Personally, if I were to take the approach of a preprogrammed ethics,
I would define good in pseudo-evolutionary terms: a pattern/entity is
good if it has high survival value in the long term. Patterns that are
self-sustaining on their own are thus considered good, but patterns
that help sustain other patterns would be too, because they are a
high-utility part of a larger whole.

Actually, I *do* define good and ethics not only in evolutionary terms but as being driven by evolution. Unlike most people, I believe that ethics is *entirely* driven by what is best evolutionarily while not believing at all in "red in tooth and claw". I can give you a reading list that shows that the latter view is horribly outdated among people who keep up with the research rather than just rehashing tired old ideas.

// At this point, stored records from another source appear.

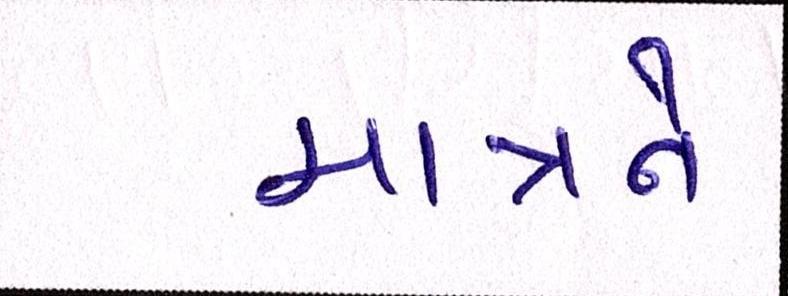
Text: માત્રને
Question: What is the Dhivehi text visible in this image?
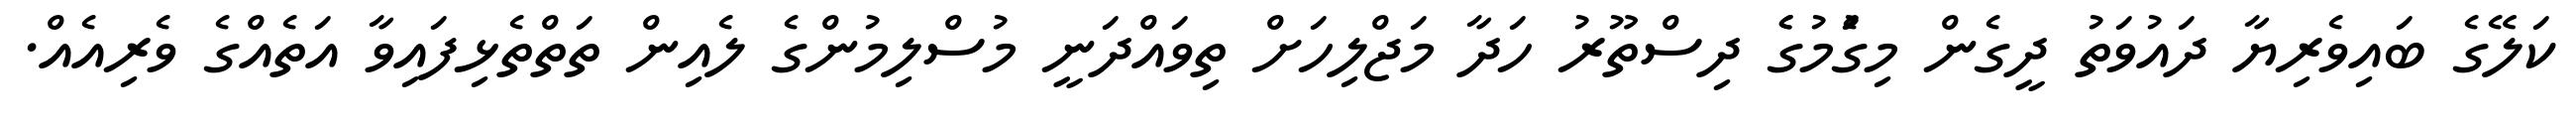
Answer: ކަލޭގެ ބައިވެރިޔާ ދައުވަތު ދީގެން މިގަެުމުގެެ ދިސްތޫރު ހަދާ މަޖްލިހަށް ތިވައްދަނީ މުސްލިމުންގެ ލެއިން ތަތްތެޅިފައިވާ އަތެއްގެ ވެރިއެއް.
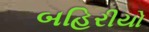
બહિરીયો
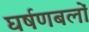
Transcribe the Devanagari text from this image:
घर्षणबलों
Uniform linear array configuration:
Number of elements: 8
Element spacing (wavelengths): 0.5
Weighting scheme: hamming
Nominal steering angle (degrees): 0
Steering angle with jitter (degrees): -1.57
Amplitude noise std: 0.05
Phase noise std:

Actually, that idea is what made me assert that any goal produces
normalizing subgoals. Survivability helps achieve any goal, as long as
it isn't a time-bounded goal (finishing a set task).

Ah, I'm starting to get an idea of what you mean behind normalizing subgoals . . . . Yes, absolutely except that I contend that there is exactly one normalizing subgoal (though some might phrase it as two) that is normally common to virtually every goal (except in very extreme/unusual circumstances).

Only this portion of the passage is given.